该怎么办?系统是指望不上了,说不恐慌定然是假的。
之前还是在贤王的庇护下过得太好了,对这个世界的警惕心降低了很多。
不对,这种时候怎么还有闲心想他?顾月疏在墙上磕了几下脑袋,旁边立刻传来了几声呜呜的叫声。
也是秋雯的声音。
顾月疏使劲全力尝试了一下,从喉咙里发出些声响以示回应。
秋雯听见她的声音,显然变得不那么焦躁不安,扭着身体朝着顾月疏的方向挪了过去。
秋雯的脑袋轻轻地靠在顾月疏身上,两人依偎在一起,顾月疏的心里舒坦了许多。
约莫过了两三个时辰,门口传来了开锁的动静,顾月疏和秋雯支起身体,虽然仍是什么都看不见,可她们还是摆出了一幅警惕的姿势。

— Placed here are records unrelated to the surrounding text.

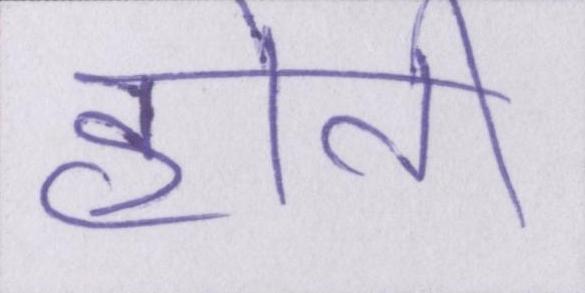
होती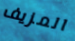
المزيف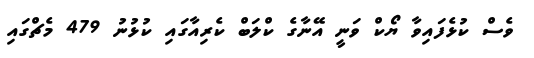
ވެސް ކުޅެފައިވާ ޔޯކް ވަނީ އޭނާގެ ކްލަބް ކެރިއާގައި ކުޅުނު 479 މެޗްގައި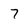
Character: 7

“这四个可都是好货,我们兄弟几个好不容易才搞到手里的,看看吧。
”说话间,顾月疏头上套着的麻袋被人一把拽了下来,她适应了一瞬,看清了来人。
一圆胖焦黑,一瘦柴细长。
那胖子打量了一圈,道:“你们怎们净找这么些长相显眼的,不怕被抓啊?”那瘦子倒不避开她们几个,指着一个直接回道:“这个是岱川柳员外家的,她娘早死了,她爹好几房续弦和姨太太,儿子都不知道生了多少个了,哪会管她。

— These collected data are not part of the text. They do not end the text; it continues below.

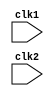
`timescale 1ns / 1ps
//////////////////////////////////////////////////////////////////////////////////
// Company: 
// Engineer: 
// 
// Design Name: 
// Module Name: pipe_MIPS32
// Project Name: 
// Target Devices: 
// Tool Versions: 
// Description: 
// 
// Dependencies: 
// 
// Revision:
// Revision 0.01 - File Created
// Additional Comments:
// 
//////////////////////////////////////////////////////////////////////////////////


module pipe_MIPS32 (clk1, clk2);
    input clk1, clk2; // Two-phase clock

    reg [31:0] PC, IF_ID_IR, IF_ID_NPC;
    reg [31:0] ID_EX_IR, ID_EX_NPC, ID_EX_A, ID_EX_B, ID_EX_Imm;
    reg [2:0]  ID_EX_type, EX_MEM_type, MEM_WB_type;
    reg [31:0] EX_MEM_IR, EX_MEM_ALUOut, EX_MEM_B;
    reg        EX_MEM_cond;
    reg [31:0] MEM_WB_IR, MEM_WB_ALUOut, MEM_WB_LMD;
    
    reg [31:0] Reg [0:31]; // Register bank (32 x 32)
    reg [31:0] Mem [0:1023]; // 1024 x 32 memory

    parameter ADD=6'b000000, SUB=6'b000001, SLT=6'b000100, MUL=6'b000101, 
              SW=6'b001001, ADDI=6'b001010, BNEQZ=6'b001101, BEQZ=6'b001110, 
              AND=6'b000010, OR=6'b000011, HLT=6'b111111, LW=6'b001000, 
              SUBI=6'b001011, SLTI=6'b001100;

    parameter RR_ALU=3'b000, RM_ALU=3'b001, LOAD=3'b010, STORE=3'b011, 
              BRANCH=3'b100, HALT=3'b101; 
    reg HALTED;  
        // Set after HLT instruction is completed (in WB stage) 
    reg TAKEN_BRANCH; 
        // Required to disable instructions after branch
    
    
    always @(posedge clk1) // IF Stage
        if (HALTED == 0) 
        begin
            if (((EX_MEM_IR[31:26] == BEQZ) && (EX_MEM_cond == 1)) || 
                ((EX_MEM_IR[31:26] == BNEQZ) && (EX_MEM_cond == 0))) 
              begin
                IF_ID_IR <= #2 Mem[EX_MEM_ALUOut];
                TAKEN_BRANCH <= #2 1'b1;
                IF_ID_NPC <= #2 EX_MEM_ALUOut + 1;
                PC <= #2 EX_MEM_ALUOut + 1;
              end 
            else 
              begin
                IF_ID_IR <= #2 Mem[PC];
                IF_ID_NPC <= #2 PC + 1;
                PC <= #2 PC + 1;
              end
        end

    always @(posedge clk2) // ID Stage
        if (HALTED == 0) begin
            if (IF_ID_IR[25:21] == 5'b00000) 
                ID_EX_A <= 0;
            else 
                ID_EX_A <= #2 Reg[IF_ID_IR[25:21]]; // "rs"

            if (IF_ID_IR[20:16] == 5'b00000) 
                ID_EX_B <= 0;
            else 
                ID_EX_B <= #2 Reg[IF_ID_IR[20:16]]; // "rt"

            ID_EX_NPC <= #2 IF_ID_NPC;
            ID_EX_IR <= #2 IF_ID_IR;
            ID_EX_Imm <= #2 {{16{IF_ID_IR[15]}}, {IF_ID_IR[15:0]}};

            case (IF_ID_IR[31:26])
                ADD, SUB, AND, OR, SLT, MUL: ID_EX_type <= #2 RR_ALU;
                ADDI, SUBI, SLTI:            ID_EX_type <= #2 RM_ALU;
                LW:                          ID_EX_type <= #2 LOAD;
                SW:                          ID_EX_type <= #2 STORE;
                BNEQZ, BEQZ:                 ID_EX_type <= #2 BRANCH;
                HLT:                         ID_EX_type <= #2 HALT;
                default:                     ID_EX_type <= #2 HALT; // Invalid opcode
            endcase
        end

    always @(posedge clk1) 
    if (HALTED == 0) // EX Stage
    begin
        EX_MEM_type <= #2 ID_EX_type;
        EX_MEM_IR <= #2 ID_EX_IR;
        TAKEN_BRANCH <= #2 0;

        case (ID_EX_type)
        
            RR_ALU: begin
                    case (ID_EX_IR[31:26]) // "opcode"
                        ADD:     EX_MEM_ALUOut <= #2 ID_EX_A + ID_EX_B;
                        SUB:     EX_MEM_ALUOut <= #2 ID_EX_A - ID_EX_B;
                        AND:     EX_MEM_ALUOut <= #2 ID_EX_A & ID_EX_B;
                        OR:      EX_MEM_ALUOut <= #2 ID_EX_A | ID_EX_B;
                        SLT:     EX_MEM_ALUOut <= #2 (ID_EX_A < ID_EX_B);
                        MUL:     EX_MEM_ALUOut <= #2 ID_EX_A * ID_EX_B;
                        default: EX_MEM_ALUOut <= #2 32'hxxxxxxxx;
                    endcase
                    end
                    
            RM_ALU: begin
                    case (ID_EX_IR[31:26]) // "opcode"
                    ADDI:    EX_MEM_ALUOut <= #2 ID_EX_A + ID_EX_Imm;
                    SUBI:    EX_MEM_ALUOut <= #2 ID_EX_A - ID_EX_Imm;
                    SLTI:    EX_MEM_ALUOut <= #2 (ID_EX_A < ID_EX_Imm);
                    default: EX_MEM_ALUOut <= #2 32'hxxxxxxxx;
                    endcase
                    end
                    
            LOAD, STORE: begin
                            EX_MEM_ALUOut <= #2 ID_EX_A + ID_EX_Imm;
                            EX_MEM_B <= #2 ID_EX_B;
                         end
            
            BRANCH: begin
                        EX_MEM_ALUOut <= #2 ID_EX_NPC + ID_EX_Imm;
                        EX_MEM_cond <= #2 (ID_EX_A == 0);
                    end
        endcase
    end

    always @(posedge clk2) // MEM Stage
        if (HALTED == 0) 
        begin
            MEM_WB_type <= EX_MEM_type;
            MEM_WB_IR <= #2 EX_MEM_IR;

            case (EX_MEM_type)
                RR_ALU, RM_ALU: 
                    MEM_WB_ALUOut <= #2 EX_MEM_ALUOut;
                LOAD: 
                    MEM_WB_LMD <= #2 Mem[EX_MEM_ALUOut];
                STORE: if (TAKEN_BRANCH == 0) // Disable write
                    Mem[EX_MEM_ALUOut] <= #2 EX_MEM_B;
            endcase
        end

    always @(posedge clk1) // WB Stage
    begin
        if (TAKEN_BRANCH == 0) // Disable write if branch taken
            case (MEM_WB_type)
                RR_ALU: Reg[MEM_WB_IR[15:11]] <= #2 MEM_WB_ALUOut; // "rd"
                RM_ALU: Reg[MEM_WB_IR[20:16]] <= #2 MEM_WB_ALUOut; // "rt"
                LOAD:   Reg[MEM_WB_IR[20:16]] <= #2 MEM_WB_LMD; // "rt"
                HALT:   HALTED <= #2 1'b1;
            endcase
    end
endmodule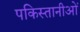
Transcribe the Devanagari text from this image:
पकिस्तानीओं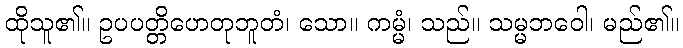
ထိုသူ၏။ ဥပပတ္တိဟေတုဘူတံ၊ သော။ ကမ္မံ၊ သည်။ သမ္မဘဝေါ၊ မည်၏။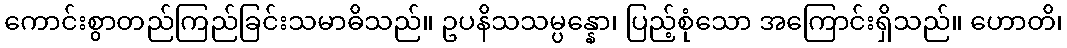
ကောင်းစွာတည်ကြည်ခြင်းသမာဓိသည်။ ဥပနိသသမ္ပန္နော၊ ပြည့်စုံသော အကြောင်းရှိသည်။ ဟောတိ၊

再说了,被掳走的女人,哪有再找回去的道理?”顾月疏血凉了一半,她瞥眼瞧了一眼那姑娘,她默不作声地垂着脑袋。
瘦子又指了指顾月疏,眯了眯鼠眼道:“这三个,我们观察很久了,像是举目无亲到岱川的。
几个女人,身边连个男人都没有,指不定以前是干什么勾当的。
”“那好,我现在就叫村里那几个光棍过来…”胖子说着便随同瘦子出了门,看着并不结实的木门再次被锁了起来。

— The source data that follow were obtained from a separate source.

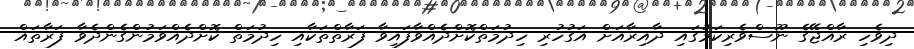
ދިވެހި ރާއްޖޭގެ ނޫސްވެރިކަމުގައި ދާއިރާއަށް އަގުހުރި ހިދުމަތްކޮށްދެއްވާފައިވާ ފަރާތްތަކާއި ހިދުމަތް ކޮށްދެއްވަމުންގެންދެވާ ފަރާތައް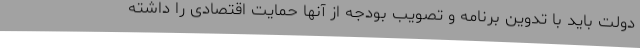
دولت باید با تدوین برنامه و تصویب بودجه از آنها حمایت اقتصادی را داشته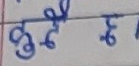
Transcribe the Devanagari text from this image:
गुर्देछु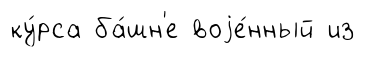
ку́рса ба́шн'е воjе́нный из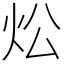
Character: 炂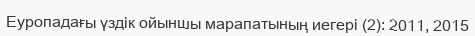
Еуропадағы үздік ойыншы марапатының иегері (2): 2011, 2015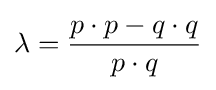
\lambda ={\frac {p\cdot p-q\cdot q}{p\cdot q}}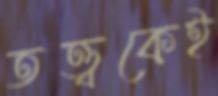
তত্ত্বকেই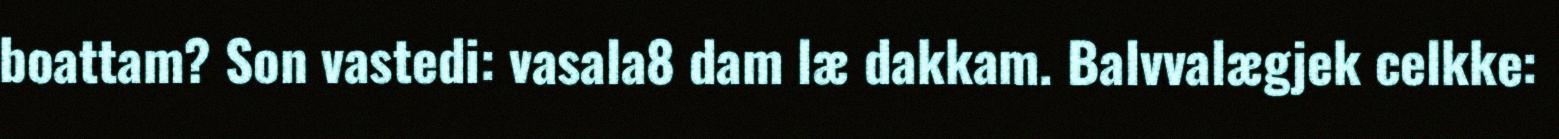
boattam? Son vastedi: vasala8 dam læ dakkam. Balvvalægjek celkke: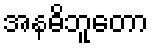
အနဓိဘူတော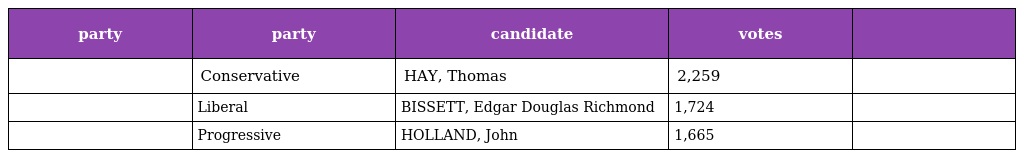
| party | party | candidate | votes |  |
 | --- | --- | --- | --- | --- |
 |  | Conservative | HAY, Thomas | 2,259 |  |
 |  | Liberal | BISSETT, Edgar Douglas Richmond | 1,724 |  |
 |  | Progressive | HOLLAND, John | 1,665 |  |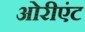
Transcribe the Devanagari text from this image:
ओरीएंट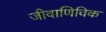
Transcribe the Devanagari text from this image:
जीवाणिविक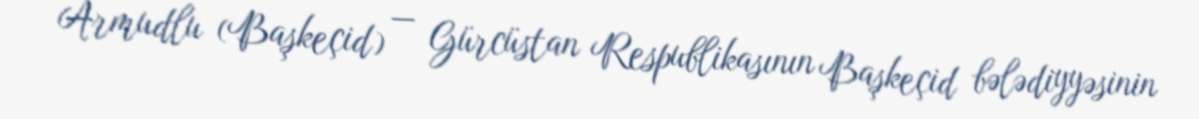
Armudlu (Başkeçid) — Gürcüstan Respublikasının Başkeçid bələdiyyəsinin

顾月疏扭头朝旁边看去,借着微弱的亮光看见了沈白桦倒在一边,面上敷了一层薄汗,眉头紧紧的皱着。
顾月疏猜测应是惊惧过度晕过去了。
不行,得想办法赶紧离开这。
双手双脚都被绑起,顾月疏背靠着墙壁,艰难地想要起身,秋雯见此情形,同样扭动着身体想要起来。
小屋的木门破败不堪,,从中间的缝里透出隙光,灰尘在空中无序的飘动着。
顾月疏在门前蹲下,小心翼翼地透过缝隙朝外看,目能所及之处,应当无人看守,但不知视线的死角处情况如何。
该怎么办?要不要赌一把?顾月疏扭头看了一眼沈白桦,咬咬牙,站起身,拼尽力气朝着木门撞去。
大不了就是挨顿毒打罢了。
许是没进食的缘故,看着脆弱的木门生生承受了顾月疏多次撞击后,仍是没有被破开,秋雯在一旁呜呜叫了两声,挤开顾月疏,自己向前撞了上去。
伴着木门四分五裂的碎裂声,秋雯重重地摔处门外,顾月疏一蹦一跳想要去扶她,甚至忘了自己的双手双脚还未被解开束缚。
秋雯忽然扭着身体呜呜叫着,眼神惊恐地盯着顾月疏。
待她刚跳出门外,一记飞踢落到她的小腹上,她痛得倒吸一口凉气,跌倒在地。